Task prompt> First find the line with "The image shows 75" in the entries below, then set down exactly every line through the line with "One-word summary of", that line included.

Provided entries>
"""

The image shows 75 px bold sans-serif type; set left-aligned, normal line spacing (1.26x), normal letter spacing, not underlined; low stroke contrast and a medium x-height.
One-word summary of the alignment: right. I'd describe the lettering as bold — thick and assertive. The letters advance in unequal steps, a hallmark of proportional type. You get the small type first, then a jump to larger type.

"""
"""

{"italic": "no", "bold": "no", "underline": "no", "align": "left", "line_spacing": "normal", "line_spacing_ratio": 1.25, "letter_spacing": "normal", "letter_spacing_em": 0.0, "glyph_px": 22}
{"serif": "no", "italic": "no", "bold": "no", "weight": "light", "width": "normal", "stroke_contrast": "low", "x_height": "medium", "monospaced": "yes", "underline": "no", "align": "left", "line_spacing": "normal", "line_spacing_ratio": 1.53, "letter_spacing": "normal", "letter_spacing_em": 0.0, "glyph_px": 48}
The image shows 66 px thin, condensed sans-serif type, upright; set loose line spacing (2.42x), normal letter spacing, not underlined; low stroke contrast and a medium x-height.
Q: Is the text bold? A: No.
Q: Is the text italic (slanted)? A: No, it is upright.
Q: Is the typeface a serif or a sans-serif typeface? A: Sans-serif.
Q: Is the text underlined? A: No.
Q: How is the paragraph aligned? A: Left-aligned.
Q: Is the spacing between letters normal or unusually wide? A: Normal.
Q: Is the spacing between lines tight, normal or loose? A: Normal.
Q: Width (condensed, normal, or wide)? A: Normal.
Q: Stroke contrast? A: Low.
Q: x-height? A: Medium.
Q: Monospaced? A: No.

"""

Task result>
The image shows 75 px bold sans-serif type; set left-aligned, normal line spacing (1.26x), normal letter spacing, not underlined; low stroke contrast and a medium x-height.
One-word summary of the alignment: right. I'd describe the lettering as bold — thick and assertive. The letters advance in unequal steps, a hallmark of proportional type. You get the small type first, then a jump to larger type.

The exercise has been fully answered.